The taxes on a $50 meal will go up 25 cents. For a $150 hotel room, taxes will rise by 75 cents.
"Overall, I think the danger here is any time the meal goes up overall, then folks think twice about how often they're going to go out," said Richard Grotton, president and CEO of the Maine Restaurant Association.
Another complaint is that the added revenue from the tax hike will end up in the state's coffers, not in the cash registers of business owners who have avoided raising prices themselves.
"This is sort of like a self-imposed increase by the state on people who are trying to collect as much rate as possible," said Greg Dugal, executive director of the Maine Innkeepers Association.
Geoffrey Houghton, owner of The Liberal Cup in Hallowell, said his customers generally look at the bottom line of what their meals cost and won't differentiate the amount raised by taxes.

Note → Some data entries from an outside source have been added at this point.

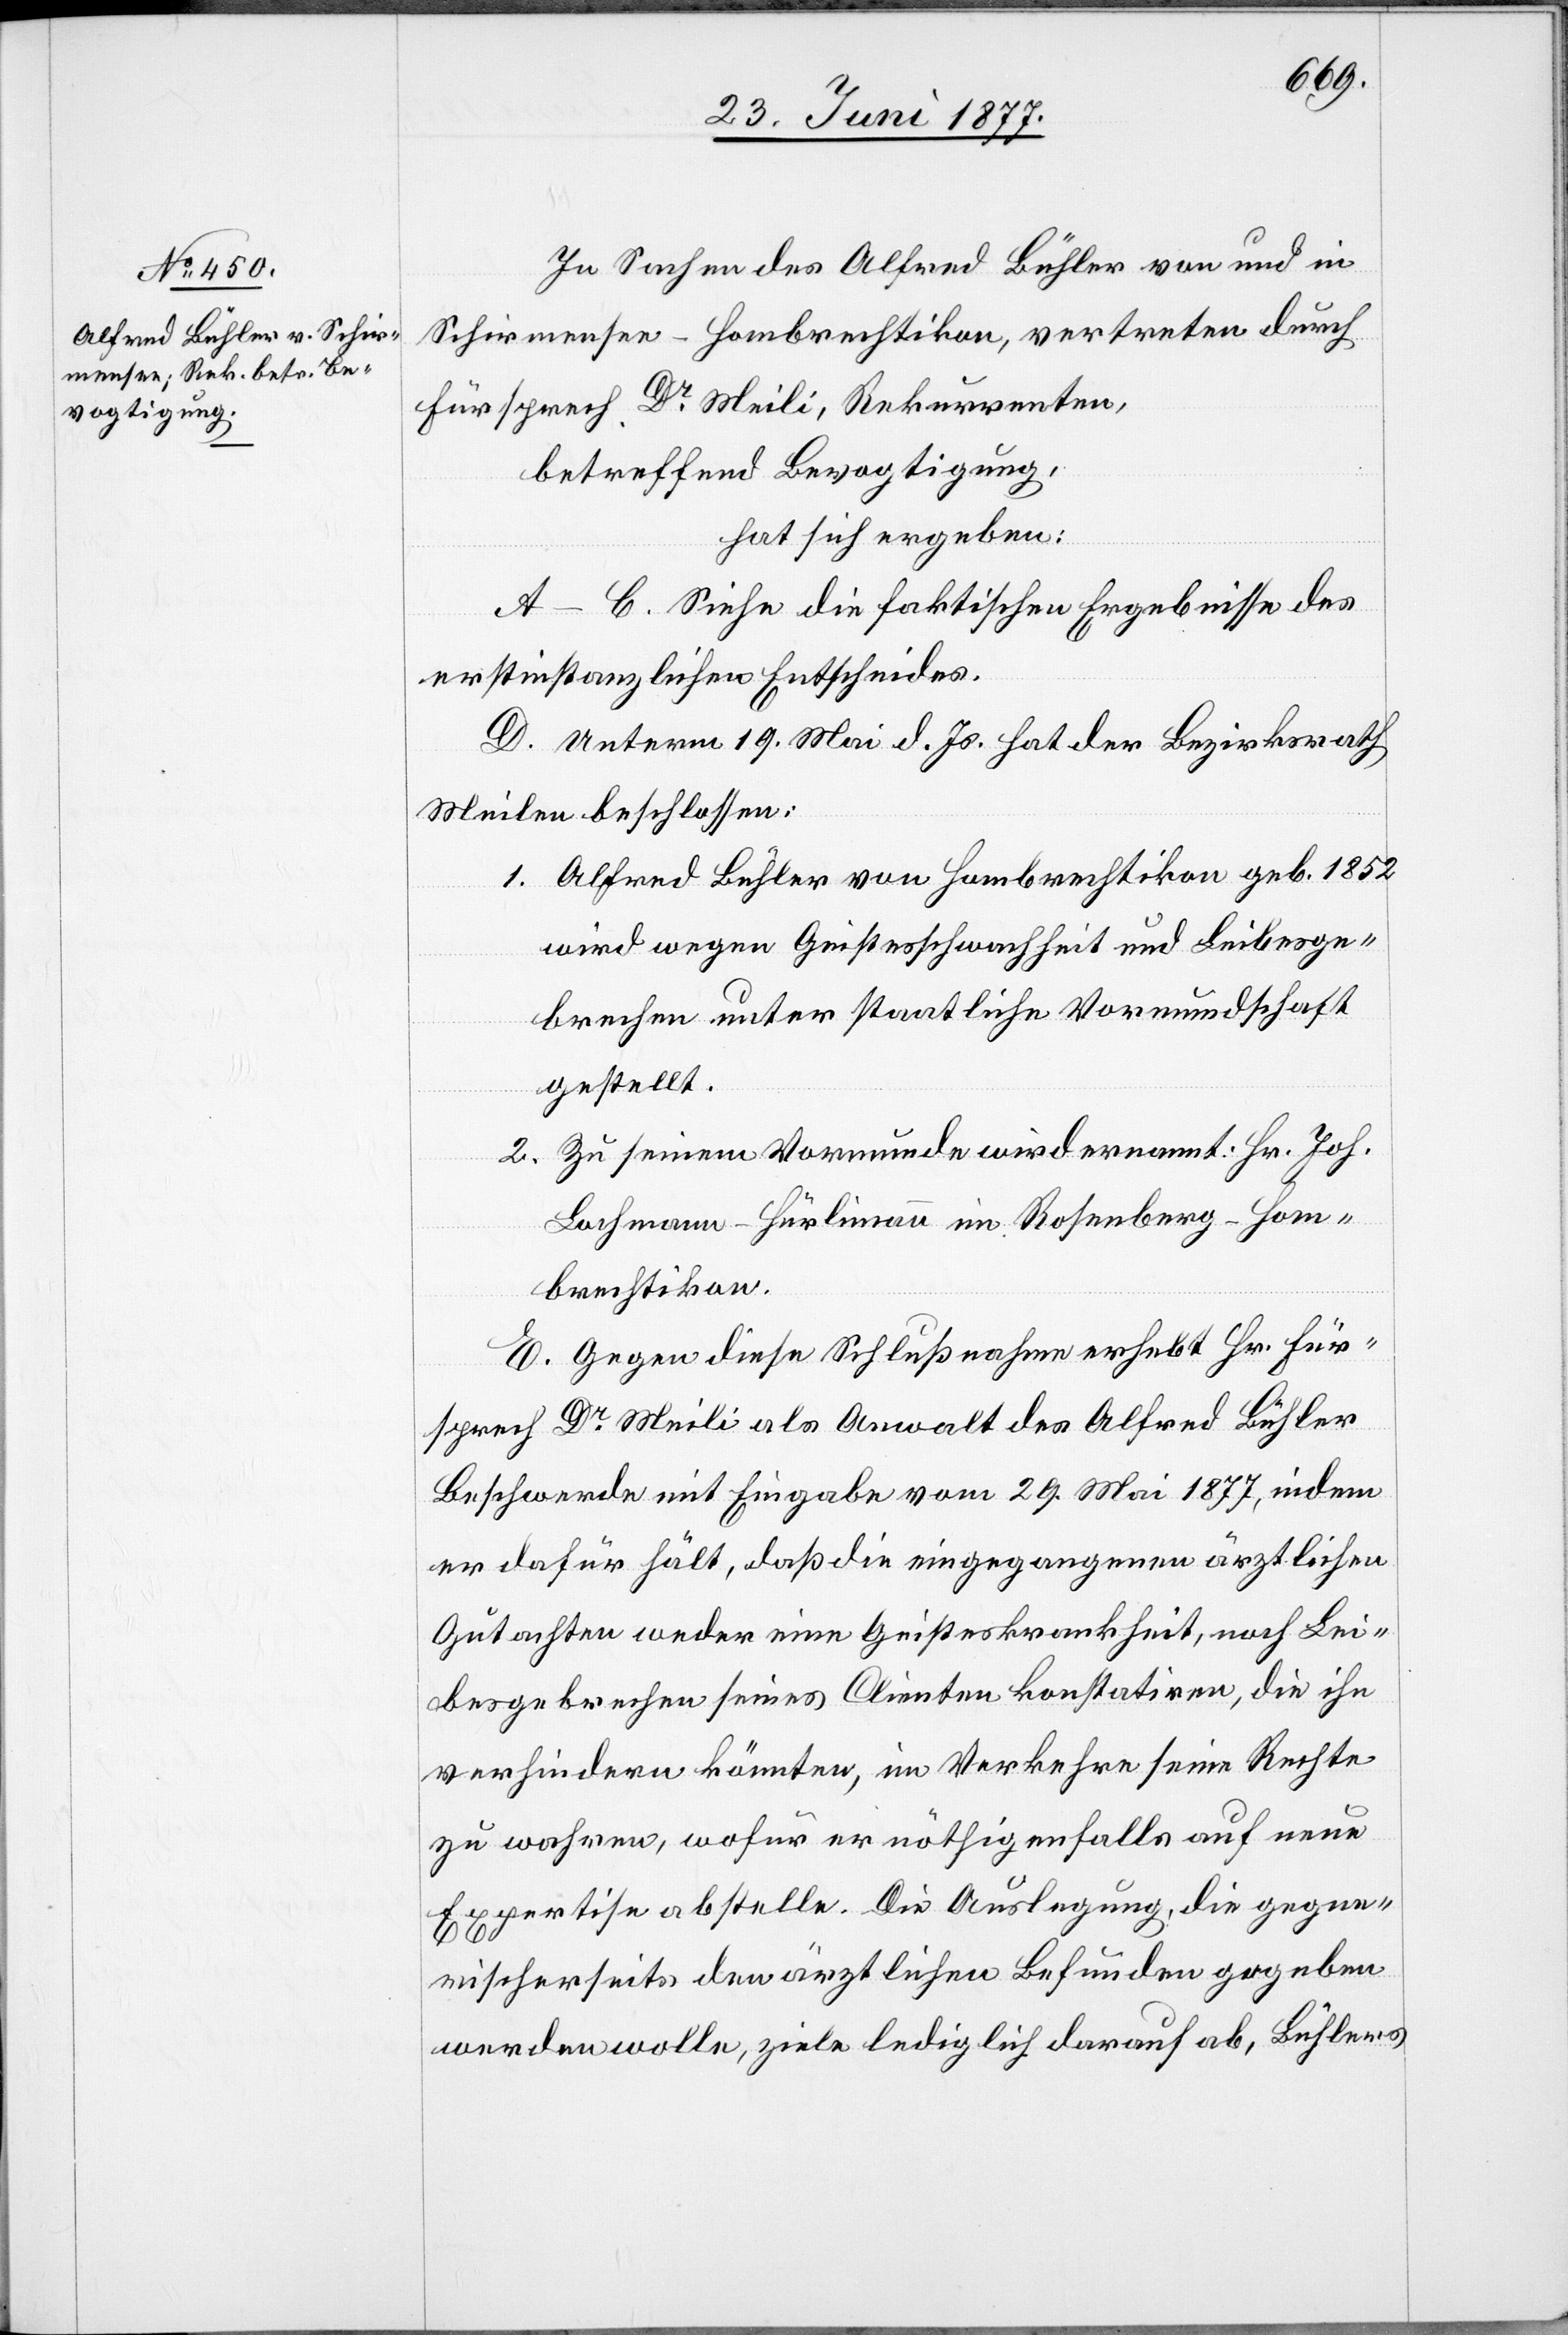
In Sachen des Alfred Bühler von und in
Schirmensee - Hombrechtikon, vertreten durch
Fürsprech Dr Meili, Rekurrenten,
betreffend Bevogtigung,
hat sich ergeben:
A.–C. Siehe die faktischen Ergebnisse des
erstinstanzlichen Entscheides.
D. Unterm 19. Mai d. Js. hat der Bezirksrath
Meilen beschlossen:
1. Alfred Bühler von Hombrechtikon geb. 1852
wird wegen Geistesschwachheit und Leibesge¬
brechen unter staatliche Vormundschaft
gestellt.
2. Zu seinem Vormunde wird ernannt: Hr. Joh.
Bachmann-Hürlimann im Rosenberg - Hom¬
brechtikon.
E. Gegen diese Schlußnahme erhebt Hr. Für¬
sprech Dr Meili als Anwalt des Alfred Bühler
Beschwerde mit Eingabe vom 29. Mai 1877, indem
er dafür hält, daß die eingegangenen ärztlichen
Gutachten weder eine Geisteskrankheit, noch Lei¬
besgebrechen seines Clienten konstatiren, die ihn
verhindern könnten, im Verkehre seine Rechte
zu wahren, wofür er nöthigenfalls auf neue
Expertise abstelle. Die Auslegung, die gegne¬
rischerseits den ärztlichen Befunden gegeben
werden wolle, ziele lediglich darauf ab, Bühlers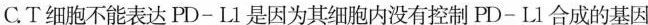
C.T细胞不能表达PD~L1是因为其细胞内没有控制PD-L1合成的基因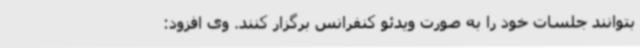
بتوانند جلسات خود را به صورت ویدئو کنفرانس برگزار کنند. وی افزود: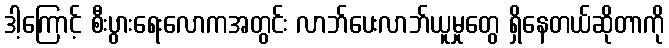
ဒါ့ကြောင့် စီးပွားရေးလောကအတွင်း လာဘ်ပေးလာဘ်ယူမှုတွေ ရှိနေတယ်ဆိုတာကို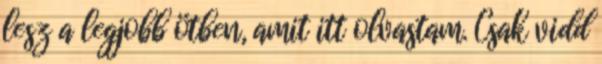
lesz a legjobb ötben, amit itt olvastam. Csak vidd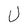
Character: U

"Unfortunately, the customer is going to notice the increase in the bill, but I'm not getting any more," Houghton said. "I'm not raising my prices because of the economy, so I'm a little disappointed the taxes are going up."
The Legislature passed the two-year, $6.3 billion budget in June with the tax increases to prevent a possible government shutdown. The sales, meals and lodging tax increases are projected to raise $183 million for the state over the next two years — $135 million from sales and $48 million from meals and lodging, according to the Maine State Legislature Office of Fiscal and Program Review.